Verizon customer says refurbished phone was remotely wiped via MDM
Ars Technica reports Verizon admitted it sent a customer a demo phone enrolled in its mobile device management system.
By James Whitfield · Staff Writer
3 min read
Verizon acknowledged to the Federal Communications Commission that it mistakenly sent a customer a store demonstration phone still enrolled in Verizon’s mobile device management system, according to documents reported by Ars Technica. The case raises privacy and data-loss concerns because the customer says the phone was later reset remotely, wiping personal information.
Tom Collery, a San Francisco Verizon customer, told Ars Technica he contacted the carrier in February about dropped calls and other network problems. Verizon sent him a replacement Samsung Galaxy Z Flip7 that was supposed to function as a customer device, but Collery said it later showed signs that it was controlled through an enterprise management profile.
After using the replacement for about two weeks, Collery said, the phone began restarting and installing security updates repeatedly. It then returned to a factory-reset state, and when he tried to sign in to Google and Samsung accounts, the device told him to contact an IT administrator, according to his account cited by Ars Technica.
The phone displayed messages saying it was managed, owned by Verizon and protected with BricTECH, a system used for Android device management, Ars Technica reported. Mobile device management tools are commonly used by companies to administer employee or demo phones, including the ability to push commands to devices.
In an April 2 letter to the FCC, Verizon’s executive relations department said Collery had received a device later identified as a demo phone with an MDM registration connected to Verizon. The company called the incident a procedural lapse and said it had been referred for an internal investigation, according to Ars Technica.
Verizon told Ars Technica only that it was aware of Collery’s concern and was working with him directly. The company did not answer detailed questions from Ars Technica about how the phone reached a customer or what steps it would take to prevent a repeat.
Collery told Ars Technica he lost contacts, messages, photos, videos and documents, including some health-care work information and personal family media. He said backups to his Google and Samsung accounts were not as current as he had believed.

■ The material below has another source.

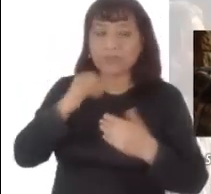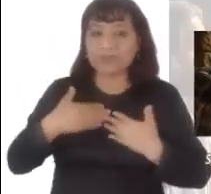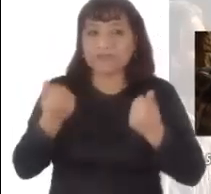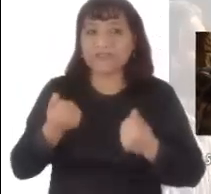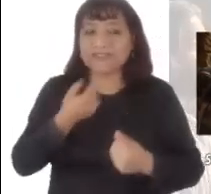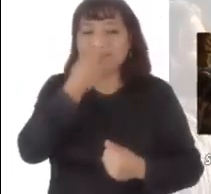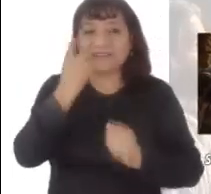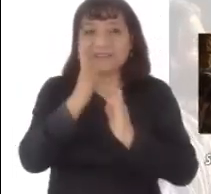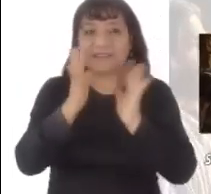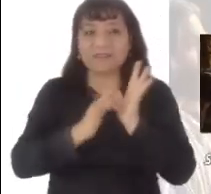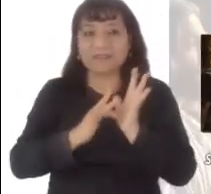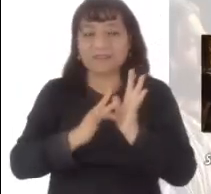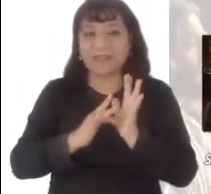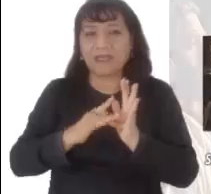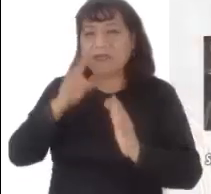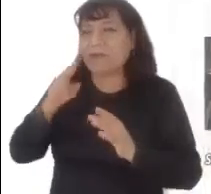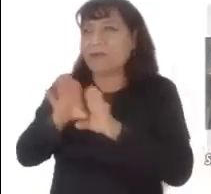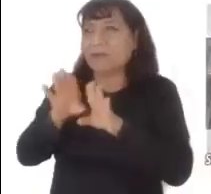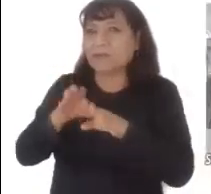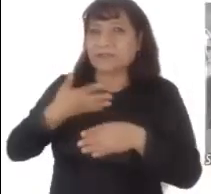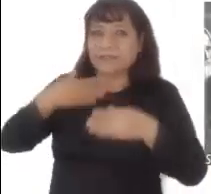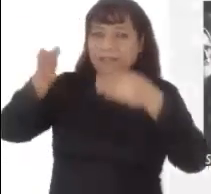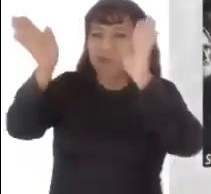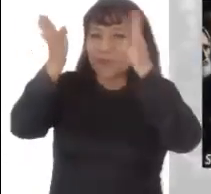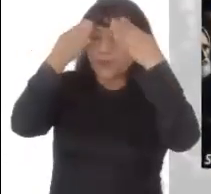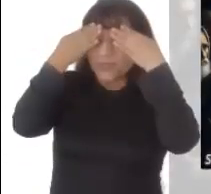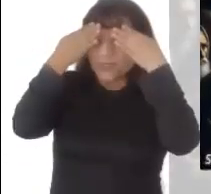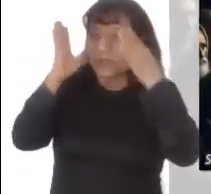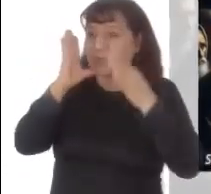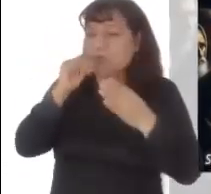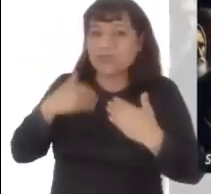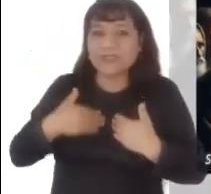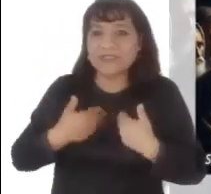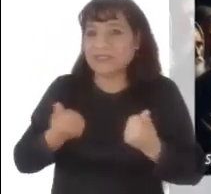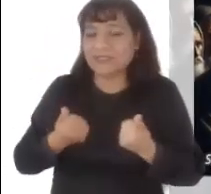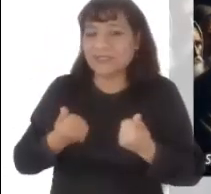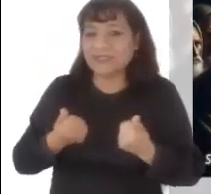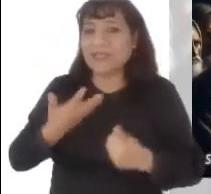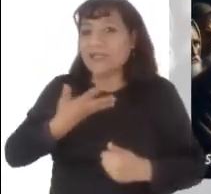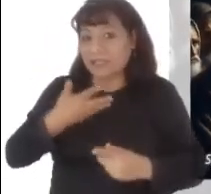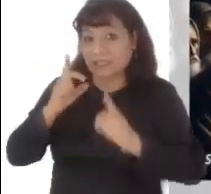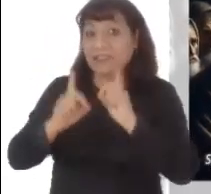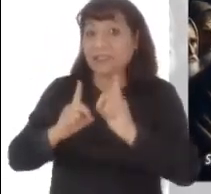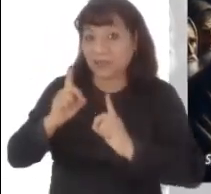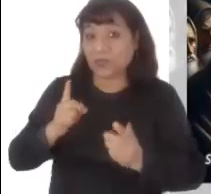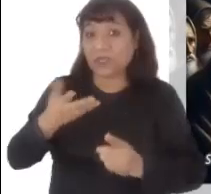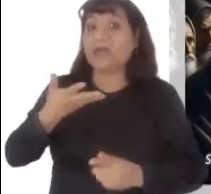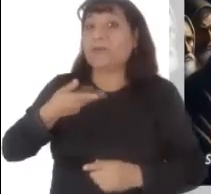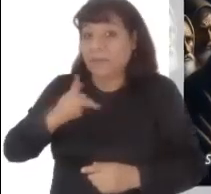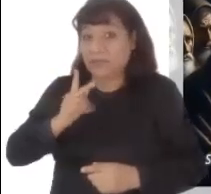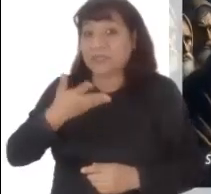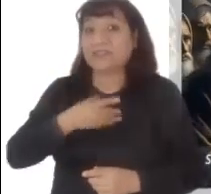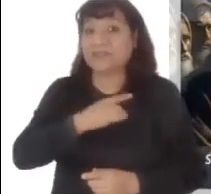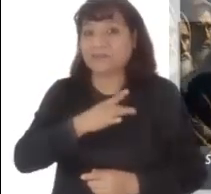pues un velo les ocultaba su sentido y se las volvía incomprensibles. Y tenían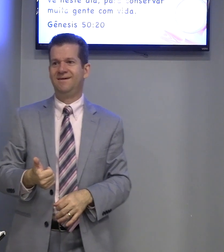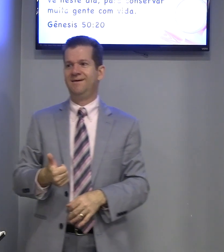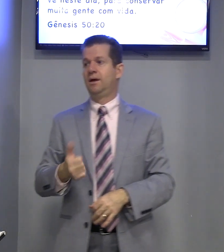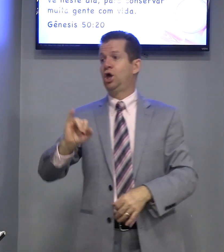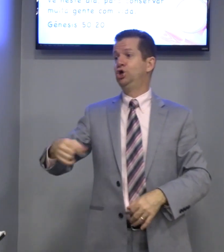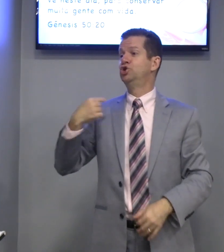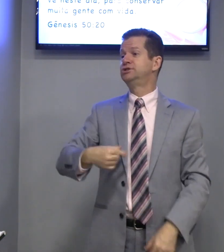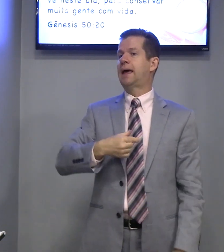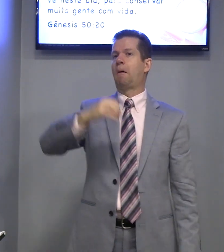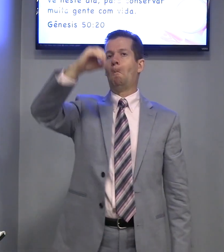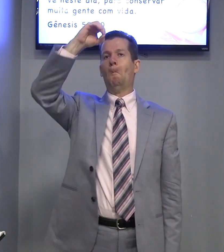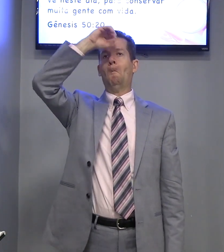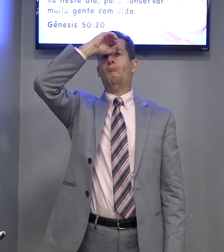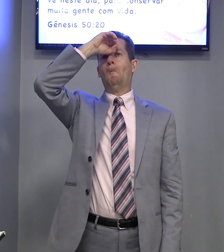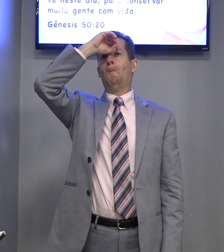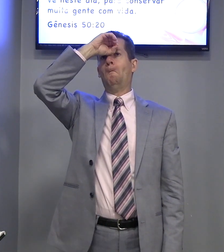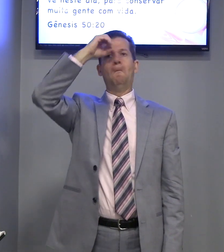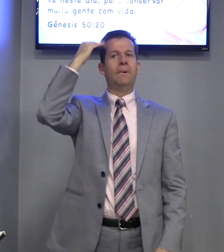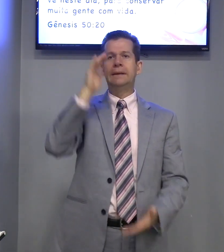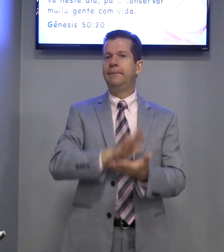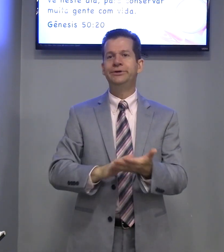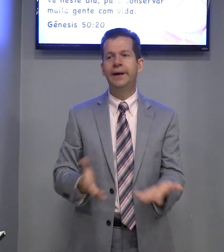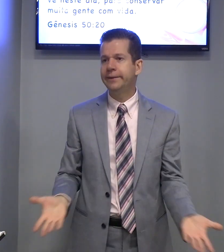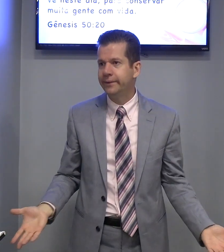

Verizon provided Collery with more than $400 in credits and a second refurbished phone that did not have the MDM profile, according to Ars Technica. The company also let him keep the managed phone, which Collery said he wanted as evidence.
Cooper Quintin, a senior technologist at the Electronic Frontier Foundation, told Ars Technica the episode should prompt scrutiny of Verizon’s refurbishment process. Quintin said a properly refurbished phone should be reset to a like-new state and said the failure to remove an MDM profile raises questions about whether other used devices could retain data or controls from prior use.
Verizon’s FCC letter said certified replacement devices come directly from the manufacturer and are meant to meet strict quality standards, Ars Technica reported. The letter also said the carrier considered the matter resolved after compensation had been issued.
Collery has not accepted that conclusion. Ars Technica reported that he asked Verizon for records showing what data the MDM software may have collected and what commands were sent to the phone. A Verizon executive relations representative told him in a May 12 email that the company would need a legal order to provide MDM details, according to Ars Technica.
Collery told Ars Technica he has made a data request under the California Consumer Privacy Act, submitted a notice of dispute to Verizon and is weighing arbitration or small claims court. He also said the network problems that led him to seek help from Verizon remained unresolved after the replacement phones.
This story draws on original reporting from Ars Technica.